What you need to do: Please return every entry below exactly as written, without any of its pictures.

### Input for this task

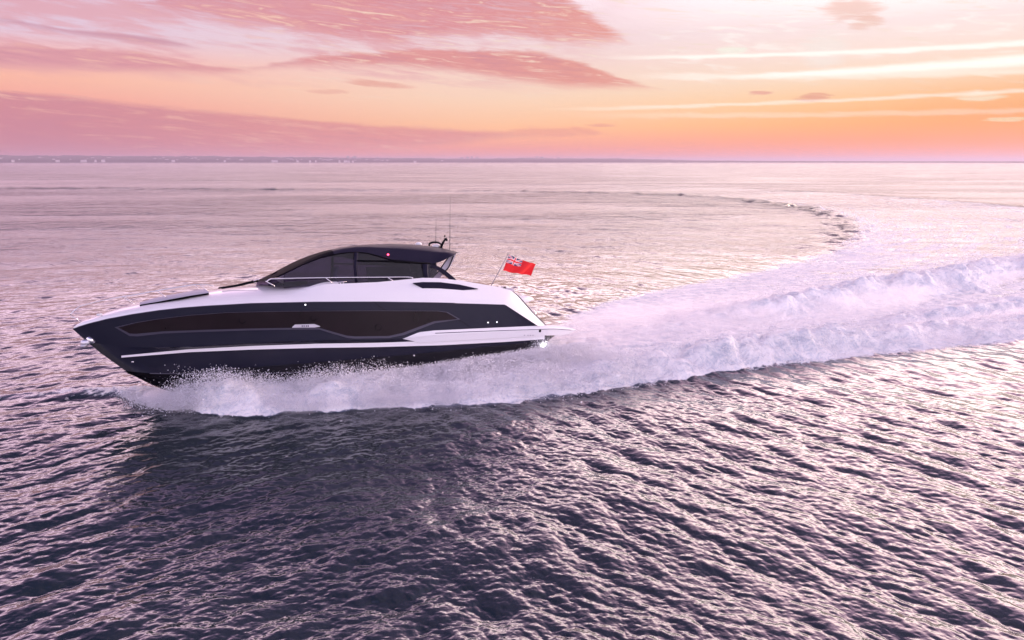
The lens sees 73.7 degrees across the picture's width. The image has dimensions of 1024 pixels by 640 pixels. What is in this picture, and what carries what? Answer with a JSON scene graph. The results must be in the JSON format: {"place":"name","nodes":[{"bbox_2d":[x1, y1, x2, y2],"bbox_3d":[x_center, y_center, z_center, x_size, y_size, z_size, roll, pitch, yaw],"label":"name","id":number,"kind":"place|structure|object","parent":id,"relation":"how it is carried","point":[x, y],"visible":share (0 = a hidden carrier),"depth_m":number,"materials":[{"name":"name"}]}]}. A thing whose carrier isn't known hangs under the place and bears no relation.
{"place":"outdoors","nodes":[
{"label":"outdoors","id":0,"kind":"place"},
{"bbox_2d":[0,163,1023,639],"bbox_3d":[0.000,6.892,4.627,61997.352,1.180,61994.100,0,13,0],"label":"water","id":1,"kind":"structure","parent":0,"point":[864,495],"depth_m":19.67,"materials":[{"name":"liquid"}]},
{"bbox_2d":[70,235,574,392],"bbox_3d":[-6.171,-0.890,26.180,18.226,7.465,4.636,-7,6,-28],"label":"motor yacht","id":2,"kind":"object","parent":1,"relation":"on","point":[397,304],"visible":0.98,"depth_m":24.04,"materials":[{"name":"black paint"}]},
{"bbox_2d":[118,311,456,335],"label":"hull window","id":3,"kind":"structure","parent":2,"relation":"in","point":[348,323],"depth_m":23.50,"materials":[{"name":"black glass"}]},
{"bbox_2d":[491,253,535,285],"bbox_3d":[0.061,-2.184,29.155,2.350,1.355,0.182,-7,6,-28],"label":"ensign","id":4,"kind":"object","parent":2,"relation":"attached to","point":[514,265],"visible":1,"depth_m":29.23,"materials":[{"name":"red fabric"}]},
{"bbox_2d":[512,291,545,324],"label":"handrail","id":5,"kind":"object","parent":2,"relation":"in","point":[512,291],"depth_m":27.88,"materials":[{"name":"silver metal"}]},
{"bbox_2d":[284,330,618,406],"bbox_3d":[-2.617,1.869,25.220,15.028,1.681,4.423,-6,14,-24],"label":"bow spray","id":6,"kind":"object","parent":1,"relation":"on","point":[550,350],"visible":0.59,"depth_m":25.73,"materials":[{"name":"white liquid"}]},
{"bbox_2d":[114,246,1023,416],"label":"wake spray","id":7,"kind":"object","parent":1,"relation":"on","point":[155,397],"visible":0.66,"depth_m":23.96,"materials":[{"name":"white liquid"}]},
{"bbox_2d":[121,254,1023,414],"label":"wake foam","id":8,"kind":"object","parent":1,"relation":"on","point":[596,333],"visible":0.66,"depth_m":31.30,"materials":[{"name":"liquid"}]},
{"bbox_2d":[0,155,1023,162],"bbox_3d":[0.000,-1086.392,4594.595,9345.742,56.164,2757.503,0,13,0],"label":"coast","id":9,"kind":"structure","parent":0,"point":[112,159],"depth_m":4875.36},
{"bbox_2d":[0,0,1023,161],"label":"sky","id":10,"kind":"structure","parent":0,"point":[718,80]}
]}

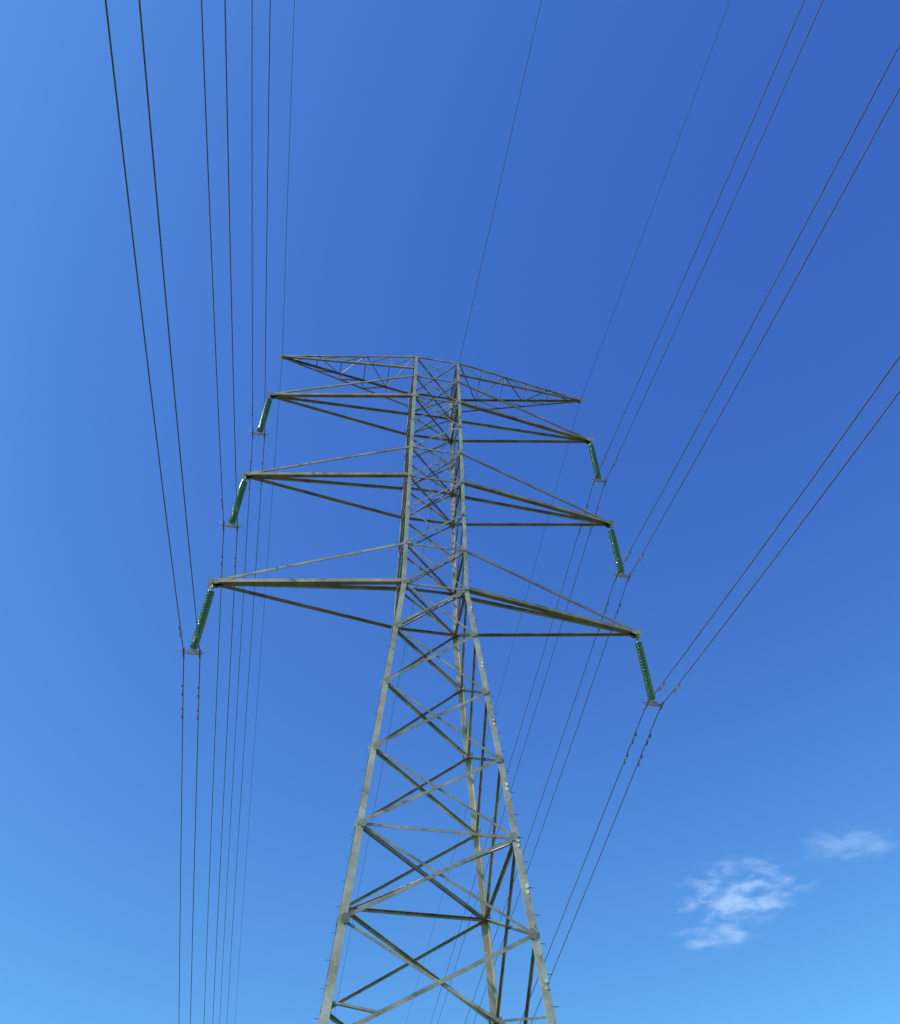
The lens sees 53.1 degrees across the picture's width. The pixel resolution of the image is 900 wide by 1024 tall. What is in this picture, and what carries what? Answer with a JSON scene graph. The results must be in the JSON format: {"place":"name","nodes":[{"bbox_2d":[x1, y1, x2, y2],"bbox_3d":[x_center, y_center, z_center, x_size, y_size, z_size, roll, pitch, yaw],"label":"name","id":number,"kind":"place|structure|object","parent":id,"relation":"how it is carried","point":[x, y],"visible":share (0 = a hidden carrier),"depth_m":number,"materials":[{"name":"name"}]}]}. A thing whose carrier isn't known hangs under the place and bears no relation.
{"place":"outdoors","nodes":[
{"label":"outdoors","id":0,"kind":"place"},
{"bbox_2d":[0,0,899,1023],"label":"sky","id":1,"kind":"structure","parent":0,"point":[747,871],"materials":[{"name":"blue"}]},
{"label":"ground","id":2,"kind":"structure","parent":0,"visible":0},
{"bbox_2d":[207,354,642,1023],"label":"transmission tower","id":3,"kind":"structure","parent":2,"relation":"on","point":[347,912],"depth_m":33.46,"materials":[{"name":"metal"}]},
{"bbox_2d":[179,585,214,659],"bbox_3d":[-8.721,3.770,31.722,0.763,3.570,0.775,-34,-60,23],"label":"insulator string","id":4,"kind":"object","parent":3,"relation":"attached to","point":[204,612],"visible":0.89,"depth_m":31.44,"materials":[{"name":"green glass"}]},
{"bbox_2d":[105,0,199,1023],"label":"power line","id":5,"kind":"object","parent":4,"relation":"attached to","point":[179,627],"visible":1,"depth_m":20.63,"materials":[{"name":"metal"}]},
{"bbox_2d":[219,476,247,532],"bbox_3d":[-8.767,-0.422,37.266,0.763,3.570,0.775,-34,-60,23],"label":"insulator string","id":6,"kind":"object","parent":3,"relation":"attached to","point":[232,520],"visible":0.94,"depth_m":36.83,"materials":[{"name":"green glass"}]},
{"bbox_2d":[201,0,237,1023],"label":"power line","id":7,"kind":"object","parent":6,"relation":"hanging from","point":[219,428],"visible":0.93,"depth_m":29.89,"materials":[{"name":"metal"}]},
{"bbox_2d":[249,395,271,439],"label":"insulator string","id":8,"kind":"object","parent":3,"relation":"attached to","point":[267,406],"visible":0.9,"depth_m":42.32,"materials":[{"name":"green glass"}]},
{"bbox_2d":[219,0,270,1023],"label":"power line","id":9,"kind":"object","parent":8,"relation":"attached to","point":[252,444],"visible":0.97,"depth_m":40.24,"materials":[{"name":"metal"}]},
{"bbox_2d":[235,0,294,1016],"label":"earth wire","id":10,"kind":"object","parent":3,"relation":"attached to","point":[276,437],"visible":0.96,"depth_m":48.33,"materials":[{"name":"metal"}]},
{"bbox_2d":[334,0,541,1014],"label":"earth wire","id":11,"kind":"object","parent":3,"relation":"attached to","point":[453,392],"visible":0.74,"depth_m":45.04,"materials":[{"name":"metal"}]},
{"bbox_2d":[406,0,729,1020],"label":"earth wire","id":12,"kind":"object","parent":3,"relation":"attached to","point":[582,394],"visible":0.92,"depth_m":46.00,"materials":[{"name":"metal"}]},
{"bbox_2d":[588,442,608,486],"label":"insulator string","id":13,"kind":"object","parent":3,"relation":"attached to","point":[594,460],"visible":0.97,"depth_m":44.10,"materials":[{"name":"green glass"}]},
{"bbox_2d":[430,0,823,1023],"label":"power line","id":14,"kind":"object","parent":13,"relation":"attached to","point":[644,396],"visible":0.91,"depth_m":37.09,"materials":[{"name":"metal"}]},
{"bbox_2d":[608,525,632,581],"bbox_3d":[7.201,1.691,38.996,0.763,3.570,0.775,-34,-60,23],"label":"insulator string","id":15,"kind":"object","parent":3,"relation":"attached to","point":[615,548],"visible":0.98,"depth_m":38.65,"materials":[{"name":"green glass"}]},
{"bbox_2d":[465,43,899,1023],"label":"power line","id":16,"kind":"object","parent":15,"relation":"attached to","point":[709,435],"visible":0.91,"depth_m":29.71,"materials":[{"name":"metal"}]},
{"bbox_2d":[635,636,664,710],"bbox_3d":[7.247,5.883,33.453,0.763,3.570,0.775,-34,-60,23],"label":"insulator string","id":17,"kind":"object","parent":3,"relation":"attached to","point":[648,684],"visible":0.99,"depth_m":33.16,"materials":[{"name":"green glass"}]},
{"bbox_2d":[520,355,899,1022],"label":"power line","id":18,"kind":"object","parent":17,"relation":"attached to","point":[716,635],"visible":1,"depth_m":27.44,"materials":[{"name":"metal"}]}
]}

######

Solution below:
The lens sees 73.7 degrees across the picture's width. The image has dimensions of 1024 pixels by 640 pixels. What is in this picture, and what carries what? Answer with a JSON scene graph. The results must be in the JSON format: {"place":"name","nodes":[{"bbox_2d":[x1, y1, x2, y2],"bbox_3d":[x_center, y_center, z_center, x_size, y_size, z_size, roll, pitch, yaw],"label":"name","id":number,"kind":"place|structure|object","parent":id,"relation":"how it is carried","point":[x, y],"visible":share (0 = a hidden carrier),"depth_m":number,"materials":[{"name":"name"}]}]}. A thing whose carrier isn't known hangs under the place and bears no relation.
{"place":"outdoors","nodes":[
{"label":"outdoors","id":0,"kind":"place"},
{"bbox_2d":[0,163,1023,639],"bbox_3d":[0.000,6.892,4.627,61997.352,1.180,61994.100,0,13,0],"label":"water","id":1,"kind":"structure","parent":0,"point":[864,495],"depth_m":19.67,"materials":[{"name":"liquid"}]},
{"bbox_2d":[70,235,574,392],"bbox_3d":[-6.171,-0.890,26.180,18.226,7.465,4.636,-7,6,-28],"label":"motor yacht","id":2,"kind":"object","parent":1,"relation":"on","point":[397,304],"visible":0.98,"depth_m":24.04,"materials":[{"name":"black paint"}]},
{"bbox_2d":[118,311,456,335],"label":"hull window","id":3,"kind":"structure","parent":2,"relation":"in","point":[348,323],"depth_m":23.50,"materials":[{"name":"black glass"}]},
{"bbox_2d":[491,253,535,285],"bbox_3d":[0.061,-2.184,29.155,2.350,1.355,0.182,-7,6,-28],"label":"ensign","id":4,"kind":"object","parent":2,"relation":"attached to","point":[514,265],"visible":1,"depth_m":29.23,"materials":[{"name":"red fabric"}]},
{"bbox_2d":[512,291,545,324],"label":"handrail","id":5,"kind":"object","parent":2,"relation":"in","point":[512,291],"depth_m":27.88,"materials":[{"name":"silver metal"}]},
{"bbox_2d":[284,330,618,406],"bbox_3d":[-2.617,1.869,25.220,15.028,1.681,4.423,-6,14,-24],"label":"bow spray","id":6,"kind":"object","parent":1,"relation":"on","point":[550,350],"visible":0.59,"depth_m":25.73,"materials":[{"name":"white liquid"}]},
{"bbox_2d":[114,246,1023,416],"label":"wake spray","id":7,"kind":"object","parent":1,"relation":"on","point":[155,397],"visible":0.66,"depth_m":23.96,"materials":[{"name":"white liquid"}]},
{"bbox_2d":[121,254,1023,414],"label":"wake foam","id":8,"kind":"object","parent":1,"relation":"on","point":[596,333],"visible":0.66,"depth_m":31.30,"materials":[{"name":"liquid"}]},
{"bbox_2d":[0,155,1023,162],"bbox_3d":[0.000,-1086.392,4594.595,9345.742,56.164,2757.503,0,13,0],"label":"coast","id":9,"kind":"structure","parent":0,"point":[112,159],"depth_m":4875.36},
{"bbox_2d":[0,0,1023,161],"label":"sky","id":10,"kind":"structure","parent":0,"point":[718,80]}
]}

The lens sees 53.1 degrees across the picture's width. The pixel resolution of the image is 900 wide by 1024 tall. What is in this picture, and what carries what? Answer with a JSON scene graph. The results must be in the JSON format: {"place":"name","nodes":[{"bbox_2d":[x1, y1, x2, y2],"bbox_3d":[x_center, y_center, z_center, x_size, y_size, z_size, roll, pitch, yaw],"label":"name","id":number,"kind":"place|structure|object","parent":id,"relation":"how it is carried","point":[x, y],"visible":share (0 = a hidden carrier),"depth_m":number,"materials":[{"name":"name"}]}]}. A thing whose carrier isn't known hangs under the place and bears no relation.
{"place":"outdoors","nodes":[
{"label":"outdoors","id":0,"kind":"place"},
{"bbox_2d":[0,0,899,1023],"label":"sky","id":1,"kind":"structure","parent":0,"point":[747,871],"materials":[{"name":"blue"}]},
{"label":"ground","id":2,"kind":"structure","parent":0,"visible":0},
{"bbox_2d":[207,354,642,1023],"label":"transmission tower","id":3,"kind":"structure","parent":2,"relation":"on","point":[347,912],"depth_m":33.46,"materials":[{"name":"metal"}]},
{"bbox_2d":[179,585,214,659],"bbox_3d":[-8.721,3.770,31.722,0.763,3.570,0.775,-34,-60,23],"label":"insulator string","id":4,"kind":"object","parent":3,"relation":"attached to","point":[204,612],"visible":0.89,"depth_m":31.44,"materials":[{"name":"green glass"}]},
{"bbox_2d":[105,0,199,1023],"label":"power line","id":5,"kind":"object","parent":4,"relation":"attached to","point":[179,627],"visible":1,"depth_m":20.63,"materials":[{"name":"metal"}]},
{"bbox_2d":[219,476,247,532],"bbox_3d":[-8.767,-0.422,37.266,0.763,3.570,0.775,-34,-60,23],"label":"insulator string","id":6,"kind":"object","parent":3,"relation":"attached to","point":[232,520],"visible":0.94,"depth_m":36.83,"materials":[{"name":"green glass"}]},
{"bbox_2d":[201,0,237,1023],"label":"power line","id":7,"kind":"object","parent":6,"relation":"hanging from","point":[219,428],"visible":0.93,"depth_m":29.89,"materials":[{"name":"metal"}]},
{"bbox_2d":[249,395,271,439],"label":"insulator string","id":8,"kind":"object","parent":3,"relation":"attached to","point":[267,406],"visible":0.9,"depth_m":42.32,"materials":[{"name":"green glass"}]},
{"bbox_2d":[219,0,270,1023],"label":"power line","id":9,"kind":"object","parent":8,"relation":"attached to","point":[252,444],"visible":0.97,"depth_m":40.24,"materials":[{"name":"metal"}]},
{"bbox_2d":[235,0,294,1016],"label":"earth wire","id":10,"kind":"object","parent":3,"relation":"attached to","point":[276,437],"visible":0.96,"depth_m":48.33,"materials":[{"name":"metal"}]},
{"bbox_2d":[334,0,541,1014],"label":"earth wire","id":11,"kind":"object","parent":3,"relation":"attached to","point":[453,392],"visible":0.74,"depth_m":45.04,"materials":[{"name":"metal"}]},
{"bbox_2d":[406,0,729,1020],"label":"earth wire","id":12,"kind":"object","parent":3,"relation":"attached to","point":[582,394],"visible":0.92,"depth_m":46.00,"materials":[{"name":"metal"}]},
{"bbox_2d":[588,442,608,486],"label":"insulator string","id":13,"kind":"object","parent":3,"relation":"attached to","point":[594,460],"visible":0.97,"depth_m":44.10,"materials":[{"name":"green glass"}]},
{"bbox_2d":[430,0,823,1023],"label":"power line","id":14,"kind":"object","parent":13,"relation":"attached to","point":[644,396],"visible":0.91,"depth_m":37.09,"materials":[{"name":"metal"}]},
{"bbox_2d":[608,525,632,581],"bbox_3d":[7.201,1.691,38.996,0.763,3.570,0.775,-34,-60,23],"label":"insulator string","id":15,"kind":"object","parent":3,"relation":"attached to","point":[615,548],"visible":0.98,"depth_m":38.65,"materials":[{"name":"green glass"}]},
{"bbox_2d":[465,43,899,1023],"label":"power line","id":16,"kind":"object","parent":15,"relation":"attached to","point":[709,435],"visible":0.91,"depth_m":29.71,"materials":[{"name":"metal"}]},
{"bbox_2d":[635,636,664,710],"bbox_3d":[7.247,5.883,33.453,0.763,3.570,0.775,-34,-60,23],"label":"insulator string","id":17,"kind":"object","parent":3,"relation":"attached to","point":[648,684],"visible":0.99,"depth_m":33.16,"materials":[{"name":"green glass"}]},
{"bbox_2d":[520,355,899,1022],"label":"power line","id":18,"kind":"object","parent":17,"relation":"attached to","point":[716,635],"visible":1,"depth_m":27.44,"materials":[{"name":"metal"}]}
]}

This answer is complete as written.